I couldn’t put more than that into words.
“He knew.” Agent Sterling spoke for the first time since we’d started watching the videos. Without elaborating, she walked over to Lia, grabbed the remote, and pressed play. A third interview started a moment later.
A guard—one I’d never seen before—escorted Sterling into the room. Instead of taking a seat across from Redding, she remained standing.
“Veronica Sterling.” Dean’s father said those words like the beginning of some kind of incantation. “I have to say, I’m surprised your dearest husband—excuse me, ex-husband—allowed you in such close quarters with the devil incarnate.”
Sterling shrugged. “You’re just a man. A pathetic little man living in a cage.”
“Briggs doesn’t know you’re here, does he?” Redding asked. “What about your father? No, he doesn’t know, either, does he? So tell me, Ms. Sterling, why are you here?”
“You know why I’m here.”
“That pesky little case of yours?” Redding said. “I’m afraid I’ve told your Agent Briggs and my Dean everything I know.”
“Liar.” Sterling said the word on the screen at the exact same time that Lia muttered the word beside me.
Redding responded. “I’m hurt—and here I thought we had a very special relationship.”
“Because I’m the one that got away?” Sterling asked. A muscle in Redding’s cheek twitched.
“Direct hit,” Michael murmured.
Redding recovered quickly. “Have the scars faded? The knife wounds were shallow enough—it was the boy’s first time taking the lead, you know. But the brand—the brand won’t fade, will it? You’ll have my initial stamped into your flesh for the rest of your life. Can you still smell your scorching skin? Can you feel it?”

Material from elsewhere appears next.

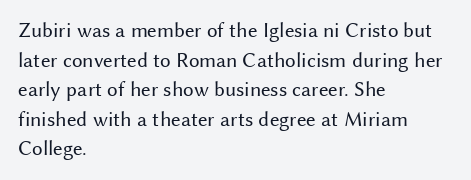
Quick note: underline off. Do the letters lean? They stand straight. The text block is weighted toward the left margin, trailing off unevenly rightward. This rendering leaves character spacing at its baseline value. Vertical spacing — default.

“No,” Agent Sterling said, taking a seat. To my surprise, she reached up and lowered her shirt, exposing the scar. Redding’s lips parted.
“Correction,” Michael commented, “there are two things that bring out real emotion in Daniel Redding.”
I wasn’t the expert Michael was with emotions, but I could see it, too—the way the convicted killer was singing hallelujah with his eyes.
Agent Sterling let her own lips part and traced the letter on her chest. For the first time, she was firmly in control of this interview. He should have seen the steel in her expression, but he didn’t.
“This isn’t your initial,” she said, dropping her voice to just above a whisper. “This is Dean’s initial. We knew you were listening. We knew you’d be back to check his work, and that the only way you’d believe that he didn’t have ulterior motives was if there was proof.” Her finger made another loop of the R. “I told him to do it. I begged him to, I made him promise to, and he did—no matter how sick it made him, no matter how much it has haunted him ever since, he did it. And it worked.”